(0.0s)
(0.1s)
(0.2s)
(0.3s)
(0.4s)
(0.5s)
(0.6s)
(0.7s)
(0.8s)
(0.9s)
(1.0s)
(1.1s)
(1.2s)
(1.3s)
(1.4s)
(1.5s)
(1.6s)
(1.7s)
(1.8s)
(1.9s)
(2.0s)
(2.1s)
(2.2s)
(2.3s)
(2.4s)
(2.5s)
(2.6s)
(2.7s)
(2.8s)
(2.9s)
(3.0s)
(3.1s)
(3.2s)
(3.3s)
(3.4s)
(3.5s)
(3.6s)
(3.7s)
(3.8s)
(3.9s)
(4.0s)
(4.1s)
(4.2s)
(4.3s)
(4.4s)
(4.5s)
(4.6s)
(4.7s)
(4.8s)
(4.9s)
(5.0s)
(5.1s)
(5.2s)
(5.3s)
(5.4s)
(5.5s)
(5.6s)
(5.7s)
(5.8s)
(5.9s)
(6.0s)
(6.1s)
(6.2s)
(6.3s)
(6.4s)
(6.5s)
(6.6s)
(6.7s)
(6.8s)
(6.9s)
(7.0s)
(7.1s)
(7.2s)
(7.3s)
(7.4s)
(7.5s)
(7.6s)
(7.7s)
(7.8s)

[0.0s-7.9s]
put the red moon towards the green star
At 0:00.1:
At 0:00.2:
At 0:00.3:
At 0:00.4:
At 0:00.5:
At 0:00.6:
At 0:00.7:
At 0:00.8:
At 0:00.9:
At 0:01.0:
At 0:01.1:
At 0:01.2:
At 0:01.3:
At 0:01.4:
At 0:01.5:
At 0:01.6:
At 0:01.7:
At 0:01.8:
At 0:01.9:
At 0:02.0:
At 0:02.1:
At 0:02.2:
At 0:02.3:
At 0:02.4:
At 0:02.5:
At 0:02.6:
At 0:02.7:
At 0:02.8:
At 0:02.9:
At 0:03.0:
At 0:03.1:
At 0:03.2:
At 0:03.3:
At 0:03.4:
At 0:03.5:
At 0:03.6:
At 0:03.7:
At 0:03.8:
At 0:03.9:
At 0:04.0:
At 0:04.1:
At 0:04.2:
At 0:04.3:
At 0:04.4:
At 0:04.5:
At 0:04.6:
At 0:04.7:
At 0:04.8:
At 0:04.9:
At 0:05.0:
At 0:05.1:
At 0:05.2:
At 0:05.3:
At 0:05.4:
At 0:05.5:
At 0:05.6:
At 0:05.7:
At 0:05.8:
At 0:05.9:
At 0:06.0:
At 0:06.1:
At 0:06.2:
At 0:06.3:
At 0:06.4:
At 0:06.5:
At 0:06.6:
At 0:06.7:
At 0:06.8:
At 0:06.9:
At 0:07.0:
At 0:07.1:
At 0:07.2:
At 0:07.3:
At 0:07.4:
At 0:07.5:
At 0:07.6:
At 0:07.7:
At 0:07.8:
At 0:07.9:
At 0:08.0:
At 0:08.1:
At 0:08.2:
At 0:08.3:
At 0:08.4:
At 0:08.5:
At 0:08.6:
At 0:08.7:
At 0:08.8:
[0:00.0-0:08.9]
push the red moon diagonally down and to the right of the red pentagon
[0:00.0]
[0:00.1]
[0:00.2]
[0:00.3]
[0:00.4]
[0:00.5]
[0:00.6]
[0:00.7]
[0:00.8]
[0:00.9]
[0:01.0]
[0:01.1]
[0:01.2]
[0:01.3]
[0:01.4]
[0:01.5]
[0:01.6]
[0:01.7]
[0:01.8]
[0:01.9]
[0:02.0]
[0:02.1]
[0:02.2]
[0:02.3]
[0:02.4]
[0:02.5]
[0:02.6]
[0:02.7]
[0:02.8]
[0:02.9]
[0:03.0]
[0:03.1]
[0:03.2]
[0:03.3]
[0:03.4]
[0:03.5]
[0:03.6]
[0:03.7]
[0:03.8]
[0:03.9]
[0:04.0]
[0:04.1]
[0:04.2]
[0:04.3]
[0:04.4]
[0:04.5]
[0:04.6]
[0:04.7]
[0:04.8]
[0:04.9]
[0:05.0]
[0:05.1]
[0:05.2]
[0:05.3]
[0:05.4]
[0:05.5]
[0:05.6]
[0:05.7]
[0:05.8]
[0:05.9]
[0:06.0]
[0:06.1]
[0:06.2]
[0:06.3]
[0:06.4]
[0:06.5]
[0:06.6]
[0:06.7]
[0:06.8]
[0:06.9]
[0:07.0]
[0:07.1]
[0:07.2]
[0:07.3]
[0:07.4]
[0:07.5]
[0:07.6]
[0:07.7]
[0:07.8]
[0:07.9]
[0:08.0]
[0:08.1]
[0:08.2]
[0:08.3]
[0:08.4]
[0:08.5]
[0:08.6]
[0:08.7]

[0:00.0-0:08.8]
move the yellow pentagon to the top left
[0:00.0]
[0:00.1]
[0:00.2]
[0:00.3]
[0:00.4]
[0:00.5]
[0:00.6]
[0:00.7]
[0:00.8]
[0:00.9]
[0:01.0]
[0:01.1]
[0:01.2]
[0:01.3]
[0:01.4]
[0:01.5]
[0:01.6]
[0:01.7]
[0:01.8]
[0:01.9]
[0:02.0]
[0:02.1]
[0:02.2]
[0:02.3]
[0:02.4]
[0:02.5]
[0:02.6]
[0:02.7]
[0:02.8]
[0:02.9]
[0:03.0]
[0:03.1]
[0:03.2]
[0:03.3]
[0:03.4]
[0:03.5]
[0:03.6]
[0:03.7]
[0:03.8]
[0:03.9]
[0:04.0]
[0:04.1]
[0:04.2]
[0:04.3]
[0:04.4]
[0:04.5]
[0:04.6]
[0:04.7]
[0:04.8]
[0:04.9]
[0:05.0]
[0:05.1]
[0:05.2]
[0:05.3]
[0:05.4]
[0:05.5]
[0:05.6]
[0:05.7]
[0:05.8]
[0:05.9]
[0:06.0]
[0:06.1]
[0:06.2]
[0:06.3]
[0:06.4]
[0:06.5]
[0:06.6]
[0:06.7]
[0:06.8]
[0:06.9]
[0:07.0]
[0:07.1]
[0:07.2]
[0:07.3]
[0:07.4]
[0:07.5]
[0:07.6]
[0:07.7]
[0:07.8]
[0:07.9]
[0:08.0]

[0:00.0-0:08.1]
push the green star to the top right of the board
#####
WHAT YOU SHOULD DO —
Transcribe all of the lines in the records precisely.

YOUR RESPONSE —
(0.0s)
(0.1s)
(0.2s)
(0.3s)
(0.4s)
(0.5s)
(0.6s)
(0.7s)
(0.8s)
(0.9s)
(1.0s)
(1.1s)
(1.2s)
(1.3s)
(1.4s)
(1.5s)
(1.6s)
(1.7s)
(1.8s)
(1.9s)
(2.0s)
(2.1s)
(2.2s)
(2.3s)
(2.4s)
(2.5s)
(2.6s)
(2.7s)
(2.8s)
(2.9s)
(3.0s)
(3.1s)
(3.2s)
(3.3s)
(3.4s)
(3.5s)
(3.6s)
(3.7s)
(3.8s)
(3.9s)
(4.0s)
(4.1s)
(4.2s)
(4.3s)
(4.4s)
(4.5s)
(4.6s)
(4.7s)
(4.8s)
(4.9s)
(5.0s)
(5.1s)
(5.2s)
(5.3s)
(5.4s)
(5.5s)
(5.6s)
(5.7s)
(5.8s)
(5.9s)
(6.0s)
(6.1s)
(6.2s)
(6.3s)
(6.4s)
(6.5s)
(6.6s)
(6.7s)
(6.8s)
(6.9s)
(7.0s)
(7.1s)
(7.2s)
(7.3s)
(7.4s)
(7.5s)
(7.6s)
(7.7s)
(7.8s)

[0.0s-7.9s]
put the red moon towards the green star
At 0:00.1:
At 0:00.2:
At 0:00.3:
At 0:00.4:
At 0:00.5:
At 0:00.6:
At 0:00.7:
At 0:00.8:
At 0:00.9:
At 0:01.0:
At 0:01.1:
At 0:01.2:
At 0:01.3:
At 0:01.4:
At 0:01.5:
At 0:01.6:
At 0:01.7:
At 0:01.8:
At 0:01.9:
At 0:02.0:
At 0:02.1:
At 0:02.2:
At 0:02.3:
At 0:02.4:
At 0:02.5:
At 0:02.6:
At 0:02.7:
At 0:02.8:
At 0:02.9:
At 0:03.0:
At 0:03.1:
At 0:03.2:
At 0:03.3:
At 0:03.4:
At 0:03.5:
At 0:03.6:
At 0:03.7:
At 0:03.8:
At 0:03.9:
At 0:04.0:
At 0:04.1:
At 0:04.2:
At 0:04.3:
At 0:04.4:
At 0:04.5:
At 0:04.6:
At 0:04.7:
At 0:04.8:
At 0:04.9:
At 0:05.0:
At 0:05.1:
At 0:05.2:
At 0:05.3:
At 0:05.4:
At 0:05.5:
At 0:05.6:
At 0:05.7:
At 0:05.8:
At 0:05.9:
At 0:06.0:
At 0:06.1:
At 0:06.2:
At 0:06.3:
At 0:06.4:
At 0:06.5:
At 0:06.6:
At 0:06.7:
At 0:06.8:
At 0:06.9:
At 0:07.0:
At 0:07.1:
At 0:07.2:
At 0:07.3:
At 0:07.4:
At 0:07.5:
At 0:07.6:
At 0:07.7:
At 0:07.8:
At 0:07.9:
At 0:08.0:
At 0:08.1:
At 0:08.2:
At 0:08.3:
At 0:08.4:
At 0:08.5:
At 0:08.6:
At 0:08.7:
At 0:08.8:
[0:00.0-0:08.9]
push the red moon diagonally down and to the right of the red pentagon
[0:00.0]
[0:00.1]
[0:00.2]
[0:00.3]
[0:00.4]
[0:00.5]
[0:00.6]
[0:00.7]
[0:00.8]
[0:00.9]
[0:01.0]
[0:01.1]
[0:01.2]
[0:01.3]
[0:01.4]
[0:01.5]
[0:01.6]
[0:01.7]
[0:01.8]
[0:01.9]
[0:02.0]
[0:02.1]
[0:02.2]
[0:02.3]
[0:02.4]
[0:02.5]
[0:02.6]
[0:02.7]
[0:02.8]
[0:02.9]
[0:03.0]
[0:03.1]
[0:03.2]
[0:03.3]
[0:03.4]
[0:03.5]
[0:03.6]
[0:03.7]
[0:03.8]
[0:03.9]
[0:04.0]
[0:04.1]
[0:04.2]
[0:04.3]
[0:04.4]
[0:04.5]
[0:04.6]
[0:04.7]
[0:04.8]
[0:04.9]
[0:05.0]
[0:05.1]
[0:05.2]
[0:05.3]
[0:05.4]
[0:05.5]
[0:05.6]
[0:05.7]
[0:05.8]
[0:05.9]
[0:06.0]
[0:06.1]
[0:06.2]
[0:06.3]
[0:06.4]
[0:06.5]
[0:06.6]
[0:06.7]
[0:06.8]
[0:06.9]
[0:07.0]
[0:07.1]
[0:07.2]
[0:07.3]
[0:07.4]
[0:07.5]
[0:07.6]
[0:07.7]
[0:07.8]
[0:07.9]
[0:08.0]
[0:08.1]
[0:08.2]
[0:08.3]
[0:08.4]
[0:08.5]
[0:08.6]
[0:08.7]

[0:00.0-0:08.8]
move the yellow pentagon to the top left
[0:00.0]
[0:00.1]
[0:00.2]
[0:00.3]
[0:00.4]
[0:00.5]
[0:00.6]
[0:00.7]
[0:00.8]
[0:00.9]
[0:01.0]
[0:01.1]
[0:01.2]
[0:01.3]
[0:01.4]
[0:01.5]
[0:01.6]
[0:01.7]
[0:01.8]
[0:01.9]
[0:02.0]
[0:02.1]
[0:02.2]
[0:02.3]
[0:02.4]
[0:02.5]
[0:02.6]
[0:02.7]
[0:02.8]
[0:02.9]
[0:03.0]
[0:03.1]
[0:03.2]
[0:03.3]
[0:03.4]
[0:03.5]
[0:03.6]
[0:03.7]
[0:03.8]
[0:03.9]
[0:04.0]
[0:04.1]
[0:04.2]
[0:04.3]
[0:04.4]
[0:04.5]
[0:04.6]
[0:04.7]
[0:04.8]
[0:04.9]
[0:05.0]
[0:05.1]
[0:05.2]
[0:05.3]
[0:05.4]
[0:05.5]
[0:05.6]
[0:05.7]
[0:05.8]
[0:05.9]
[0:06.0]
[0:06.1]
[0:06.2]
[0:06.3]
[0:06.4]
[0:06.5]
[0:06.6]
[0:06.7]
[0:06.8]
[0:06.9]
[0:07.0]
[0:07.1]
[0:07.2]
[0:07.3]
[0:07.4]
[0:07.5]
[0:07.6]
[0:07.7]
[0:07.8]
[0:07.9]
[0:08.0]

[0:00.0-0:08.1]
push the green star to the top right of the board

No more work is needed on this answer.